It’s perhaps a stretch to include Steve Bannon, the former adviser to President Trump, in an article about how Australian financial institutions should keep their clients fully informed and reimbursed where necessary, but the local institutions appear to have been following his guidance.
I’m talking about the storm of words they put out for the supposed benefit of superannuation product holders, and the lack of clear, itemised explanations those words give clients about the fees they are paying.
On one occasion, Bannon advised his then-friend Trump to “flood the zone with sh*t”, in reference to how Trump should fight off and derail the Mueller inquiry into Russian interference with the 2016 presidential election.
Now we’ve had days of senior National Australia Bank executives or super trustees squirming at the Hayne royal commission over why it has taken them so long to refund clients fees they should never have been charged.
That’s as it should be. It looks awful because it is awful that NAB took almost a year between 2016 and 2017 to work out how to reimburse about $87 million in unjustified “plan service fees” that had been charged to about 220,000 clients.

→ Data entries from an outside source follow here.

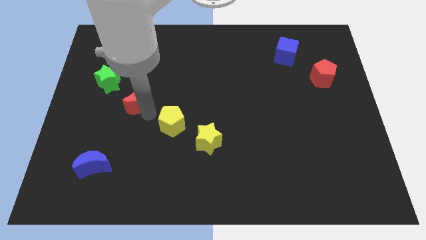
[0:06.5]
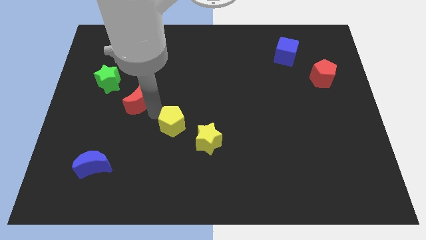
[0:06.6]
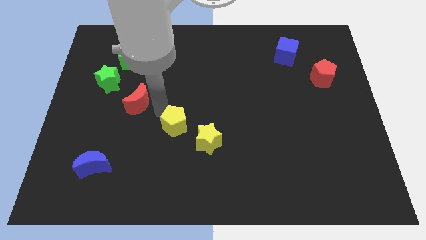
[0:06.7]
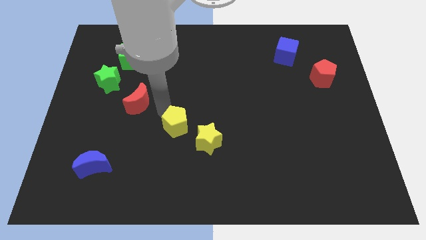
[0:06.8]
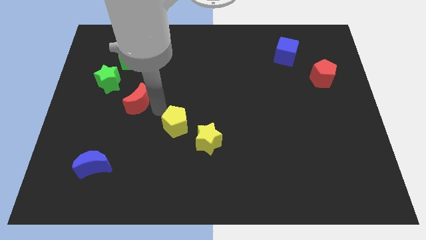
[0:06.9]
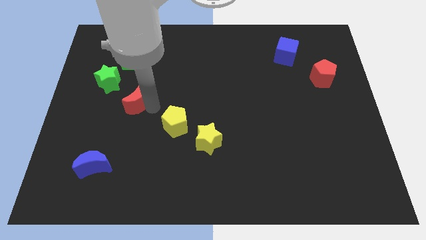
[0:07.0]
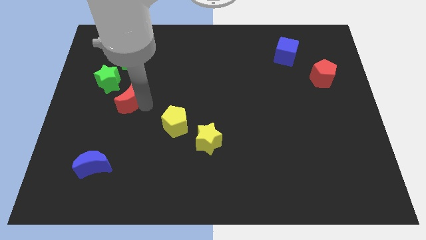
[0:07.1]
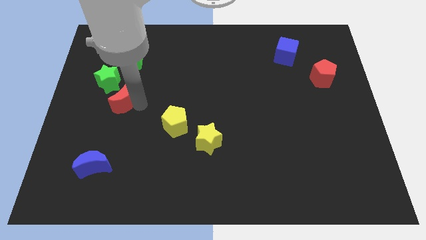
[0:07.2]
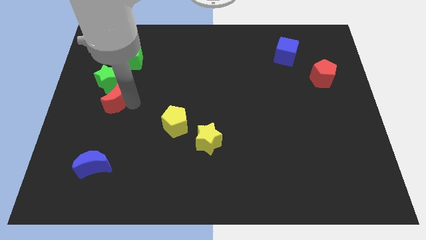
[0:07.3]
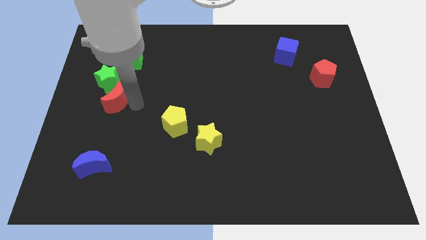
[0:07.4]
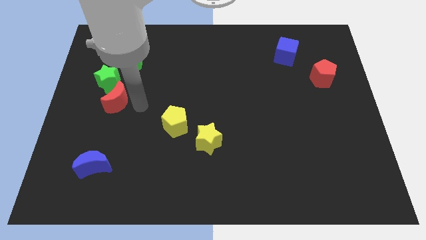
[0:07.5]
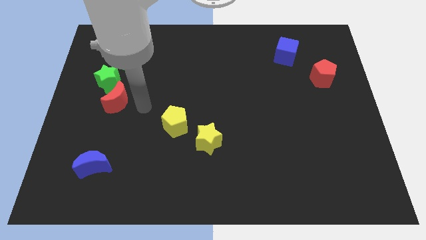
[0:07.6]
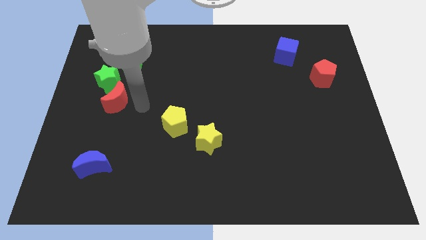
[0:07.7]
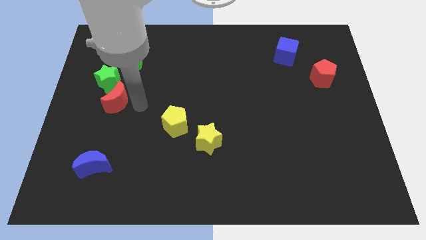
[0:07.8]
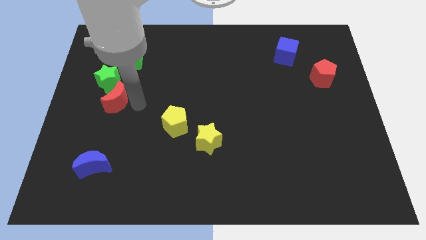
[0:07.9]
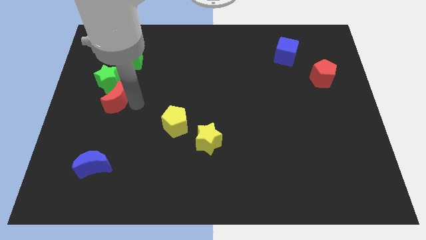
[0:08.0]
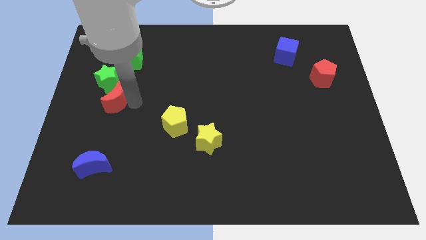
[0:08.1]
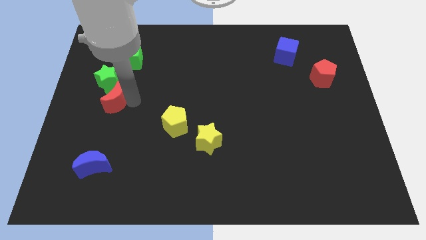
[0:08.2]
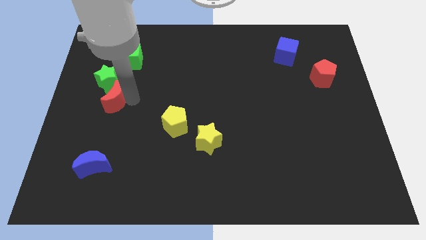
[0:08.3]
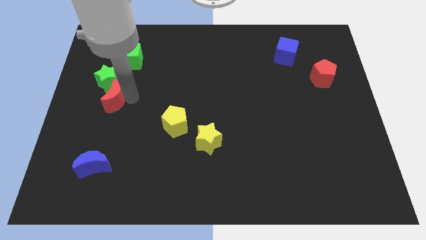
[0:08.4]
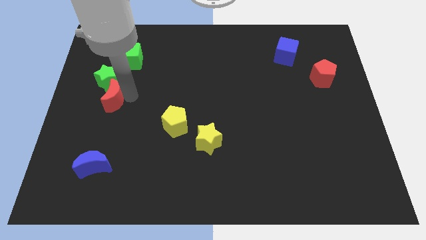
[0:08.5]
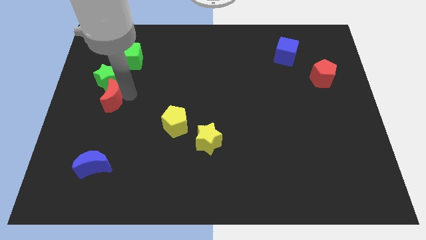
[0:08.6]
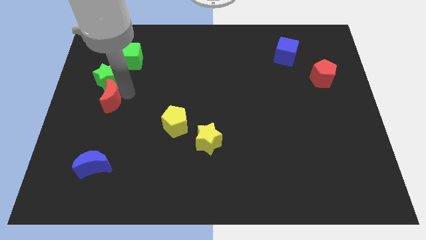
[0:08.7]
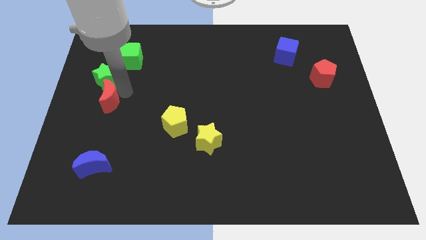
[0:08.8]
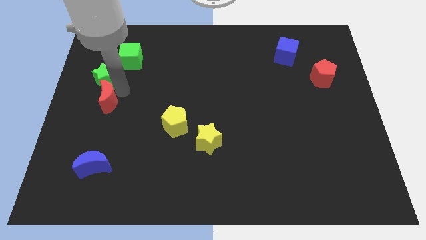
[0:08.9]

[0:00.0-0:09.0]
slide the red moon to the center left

It’s clear NAB’s wealth arm was looking for any way it could to justify having levied those charges in the first place.
On the second day of hearings in Melbourne, on Tuesday, superannuation trustee NULIS Nominees’ Nicole Smith agreed that the process should have been faster, but disagreed with counsel assisting Michael Hodge that management of the administrator was “hopelessly conflicted”.
“I believe they are in a conflicted position, I don’t agree that it’s hopelessly conflicted,” she said.
Perhaps I should modify the Bannon remark to “flood the zone with delays” for local purposes, which isn’t quite so arresting, but I believe there is a parallel.
There is an underlying problem in superannuation in Australia – clients have been getting too much of the wrong information.
To some extent, I blame Joe Hockey’s Financial Services Reform Act 2001, which concluded over 600 pages that the most transparent approach to explanation was to tell the clients everything.
The road to hell is paved with good intentions, and that one was an eight-lane freeway.
We all know that only a tiny percentage of people read long documents, even if they are explaining how your superannuation is going. It’s a painful reality.
A further complication has been that every attempt to simplify superannuation has had the unfortunate side effect of reducing savers’ sense of engagement.
That’s a harder one to fix but a clear explanation of charges and fees is more likely to be read than any long document.
Part of the problem is that you could argue those long documents (thanks, Joe) are really designed not to be read. In the worst cases, such as the notorious
Dover Financial we were hearing about at the commission back in April, principal Terry McMaster admitted that a “client protection” policy was designed to protect his advisers from their clients, rather than vice versa. It was then that he fainted.
So, what to do? It should not be beyond the wit of our regulators to oversee a comprehensible system whereby financial product clients are told what they are being charged, and why. It’s not complicated.
And if clients have the right to opt out of any of those charges, they should be told, in letters of fire. NAB/MLC was caught out on that one this week, revealing that clients had the right to stop paying a fee without any adverse consequences but the clients weren’t told. That’s just sneaky.
A final point. While it’s understandable that there has been a sharp focus on fees, justified and unjustified, let’s just remember that it’s net returns that matter in the long run. I see no problem with net returns appearing close to the List of Charges.
Given that trust in our financial institutions is running at an all-time low because of these bits of sneaky behaviour, now’s the time to act.